OK, interesting that a transient shaper could be used to
appear to tame reverb but it would only apply to very percussive sounds I bet. Because what it would be doing is cutting the gain straight after a transient and in that situation it might work and sound similar. The quote you posted mentioned drum stems only, the transient shaper would not lower reverb over a whole mix, big difference.
But this plugin is doing something
far different form that. It would be smart enough to know the difference between the direct sounds and the reverb sounds and lower one without lowering the other. So say you had some strings playing slowly but in a wet environment this plugin would probably have the skills to cut the reverb whereas your transient shaper concept would not. Hence the reason it is not cheap as well.
The Masterpiece is not something you use on individual tracks,
(although you could I am sure) it is something you use over a whole mix and yes it
can lower overall reverb of a whole mix. Hard to believe I know and it's all analog too which is even more amazing. It would still certainly stand up as one serious mastering device but I agree with you it is way too expensive
($14,400 for the full version with everything!) and much more can be had for that sort of money outlay including many plugins now that could go a long way to emulating perfectly many of the processors inside that unit. (it is all NEVE stuff BTW)

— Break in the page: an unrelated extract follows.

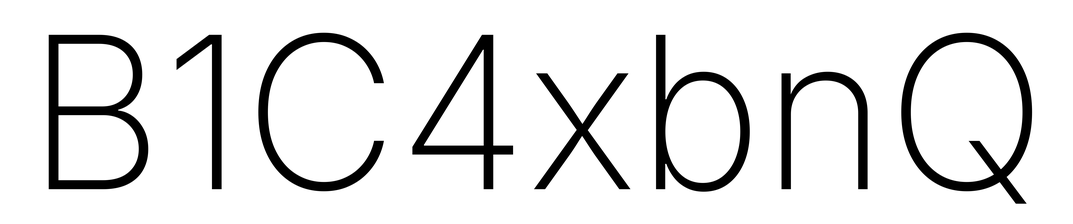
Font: Inter_ExtraLight

Unveil is MAC only at this stage but if you have got a Mac you might be able to trial a demo. Not sure how you would go comparing that to the Sonar transient shaper. Read the website in full describing it (Unveil) and you will get a better idea of what it does. Dereverberation and Signal Focus are the words they use.

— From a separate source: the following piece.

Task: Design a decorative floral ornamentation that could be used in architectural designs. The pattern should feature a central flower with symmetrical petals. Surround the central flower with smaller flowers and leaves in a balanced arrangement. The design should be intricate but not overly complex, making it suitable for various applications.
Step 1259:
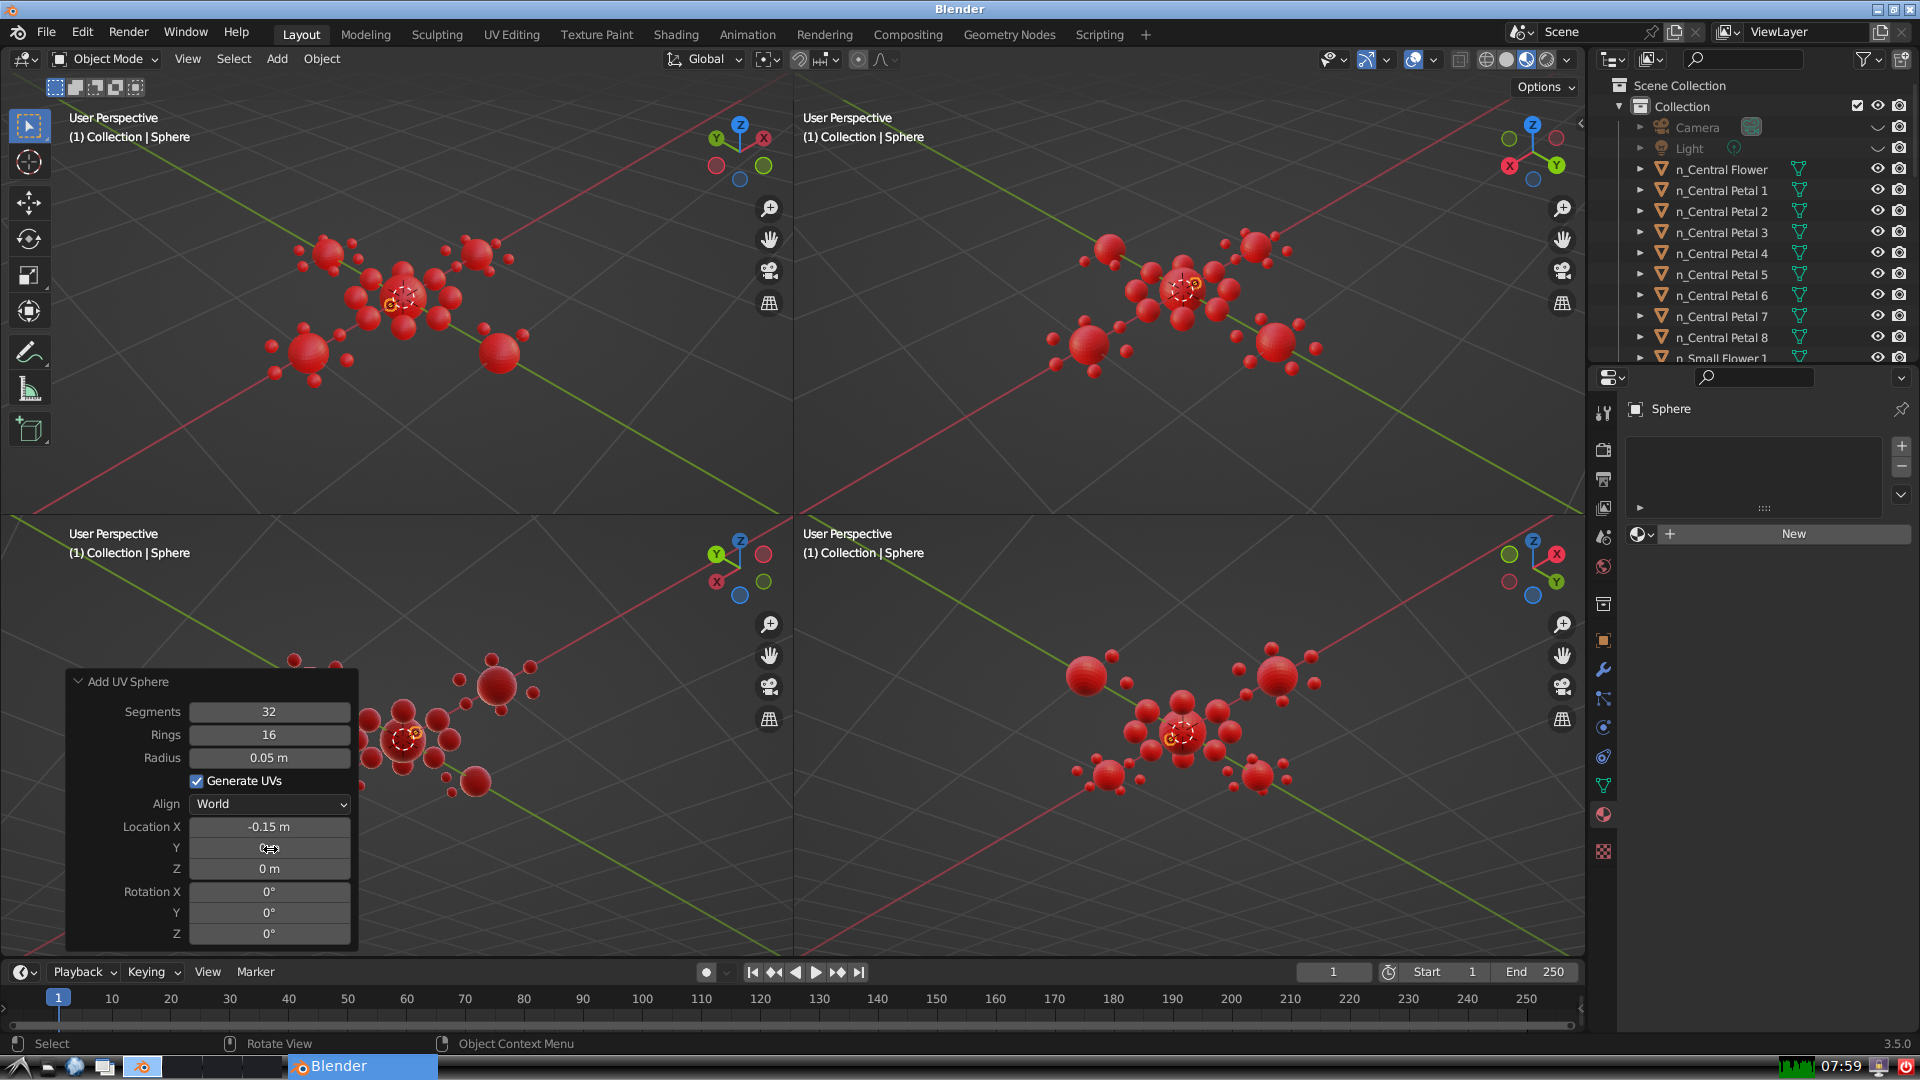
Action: click: no

Pitchmap looks pretty cool too!
Another application I thought of where it might be really helpful is you might have track that you have recorded in a slightly live room. eg an acoustic guitar part. At the time you might have thought it was OK and you did not bother to record the closeup sound of the guitar. Later in the mix you might not like the sound of the ambience around it. Then you could use the plugin to remove the unwanted ambience and then use a nice convolution reverb with a much nicer and tighter space to replace the previous ambience and you would still have lots of control of the new ambience on top of that. Cool!